Optimizing inserts and deletes on a single large table

  • Our company has a very large table (150 million rows) to which we add 1000 rows per minute via a trigger on another table. At the same time, we are deleting older rows through a job which runs every few minutes. I am wondering if anyone would have any recommendations for ensuring that the delete process and insert trigger do not lead to much contention. THe rows that we delete are at the other end of the table, so to speak, from the rows that we are inserting. But occasionally we experience some sluggishness in the whole process.

    We are using Sql Server 2005.

  • You would probably want to partition this table across multiple Volumes, additionally insuring that none of these volumes shared any physical disks. You should probably use a partitioning function that put the new instered records on a different volume(s) than the old to-be-deleted records.

    [font="Times New Roman"]-- RBarryYoung[/font], [font="Times New Roman"] (302)375-0451[/font] blog: MovingSQL.com, Twitter: @RBarryYoung[font="Arial Black"]
    Proactive Performance Solutions, Inc.
    [/font]
    [font="Verdana"] "Performance is our middle name."[/font]

  • Partioning is a good idea, but in addition is it worth it to try to put in hints like WITH ROWLOCK on the transactions that delete and insert, or is that not going to make much difference?

  • I doubt that ti would make much difference. Though you could always test it to see for you specific case.

    [font="Times New Roman"]-- RBarryYoung[/font], [font="Times New Roman"] (302)375-0451[/font] blog: MovingSQL.com, Twitter: @RBarryYoung[font="Arial Black"]
    Proactive Performance Solutions, Inc.
    [/font]
    [font="Verdana"] "Performance is our middle name."[/font]

  • Forgot to mention that we are using Standard Edition and Not Enterprise, so I guess the partitioning of the table is out, right, or rather it would have to be simulated with a partition view??

  • Yes - partitioning is an Enterprise-only feature. You could indeed consider using a partitioned view, but you should probably take a step back before making such a big change. One very sound approach is to identify bottlenecks in the existing system, and then make changes to improve matters. The key is to work based on evidence rather than simply applying whatever 'best practice' comes to hand.

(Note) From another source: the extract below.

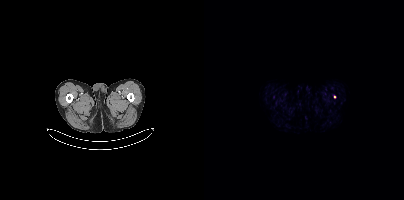
{"modality":"PSMA PET/CT","view":"axial","tracer":"[18F]PSMA-1007","pet_grid":[200,200],"coord_frame":"pet_panel","coord_format":"x0,y0,x1,y1","lesion_bboxes":[],"small_foci_centers":[[130,96]]}
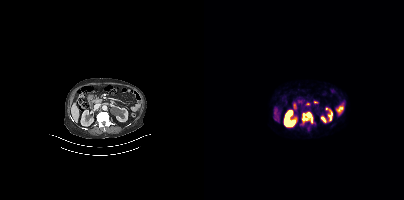
modality: PSMA PET/CT | tracer: 68Ga-PSMA | view: axial
Coordinates are on the 200×200 PET (right) panel. (showing 3 of 4 foci) PSMA-avid tumor lesion bounding boxes (x0,y0,x1,y1): [98,112,108,123] [101,102,106,105]. Small PSMA-avid focus (2 to 4 px across) near (center x, center y): (71, 118).

    The subject is a complex one, and there is nowhere near enough detail in your posts to make any recommendations. For example, if your system is constrained by logging or free buffer pool pages, rather than data file I/O, partitioning tables and placing them on separate physical disks is highly unlikely to make much of an impact.

    The best papers available, to my knowledge, discussing how to approach this sort of project are linked to below - both feature senior figures from Microsoft. The basic strategy is to measure the 'waits and queues' over the system as a whole, and then apply targeted measures to improve those things most in need.

    Troubleshooting Performance Problems in SQL Server 2008

    SQL Server 2005 Waits and Queues

  • What you need to do is find out WHY things appear to be sluggish at times. Is it due to blocking or is it due to IO stalls or some other form of wait? Each of those possibilities should be analyzed while the activities are in progress. If for some reason (such as complexity of the query leading to bad estimation, improper indexing) table locks (or perhaps even page locks) are being acquired then you could indeed be seeing blocking and if so row lock hints could be a help. If the queries that insert/delete are suboptimal then whatever locks are taken are being held too long and tuning could be the magic bullet you seek.

    LOTS of possibilities here. I recommend getting a tuning consultant in for a few hours remote work. Should be all it takes, and you can learn from how they do their work as well so you can better fix your own problems in the future.

    Best,
    Kevin G. Boles
    SQL Server Consultant
    SQL MVP 2007-2012
    TheSQLGuru on googles mail service

  • Any idea how many rows are normally deleted by your delete process?

    If it's more than about 5000, then you're likely to be getting table locks due to lock escalation, in which case it may be worth considering amending your delete to remove the records in batches of, say, 4000 which should at least prevent this issue

  • Andrew Gothard-467944 (12/14/2009)


    Any idea how many rows are normally deleted by your delete process?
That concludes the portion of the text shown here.